A Reasonable Religion - How Christianity Changed Politics, Economics, and Much Besides

Marvin Olasky conducts an interesting interview with Baylor University professor and author Rodney Stark on "how Christianity changed politics, economics, and much besides" in World Magazine. Here's an excerpt:
Rodney Stark's latest book, The Victory of Reason: How Christianity Led to Freedom, Capitalism, and Western Success (Random House, 2005), is scheduled for publication next Tuesday. It's a useful corrective for folks in Austin, Boston, and other blue spots who think of Christianity and rationalism as opposite historical forces and philosophical concepts. The veteran Baylor professor discussed with WORLD how the Christian sense of progress led to political, technological, and economic advances.

WORLD: How is Christianity unique in emphasizing the idea of progress?

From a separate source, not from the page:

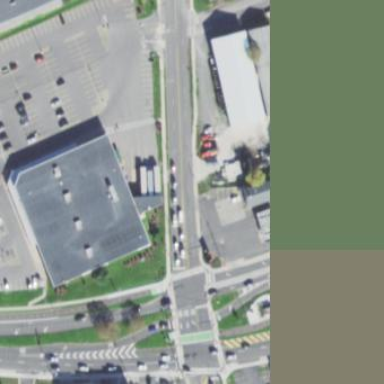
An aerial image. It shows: Supermarket located in building.

STARK: The other great faiths either taught that the world is locked in endless cycles or that it is inevitably declining from a previous Golden Age. Only Christians believed that God's gift of reason made progress inevitable—theological as well as technical progress. Thus, Augustine (ca. 354-430) flatly asserted that through the application of reason we will gain an increasingly more accurate understanding of God, remarking that although there were "certain matters pertaining to the doctrine of salvation that we cannot yet grasp . . . one day we shall be able to do so."

Nor was the Christian belief in progress limited to theology. Augustine went on at length about the "wonderful—one might say stupefying—advances human industry has made" and attributed all this to the "unspeakable boon" that God has conferred upon His creation, a "rational nature." These views were repeated again and again through the centuries. Especially typical were these words preached by Fra Giordano in Florence in 1306: "Not all the arts have been found; we shall never see an end to finding them."


WORLD: But a lot of us learned that Europe fell into the "Dark Ages." How did that historical understanding originate, and what's wrong with it?

STARK: The Dark Ages have finally been recognized as a hoax perpetrated by anti-religious and bitterly anti-Catholic, 18th-century intellectuals who were determined to assert their cultural superiority and who boosted their claim by denigrating the Christian past—as Gibbon put it in The Decline and Fall of the Roman Empire, after Rome came the "triumph of barbarism and religion." In the past few years even encyclopedias and dictionaries have begun to acknowledge that it was all a lie, that the Dark Ages never were. This always should have been obvious since by the end of the so-called Dark Ages, European science and technology had far exceeded that of Rome and Greece, and all the rest of the world, for that matter.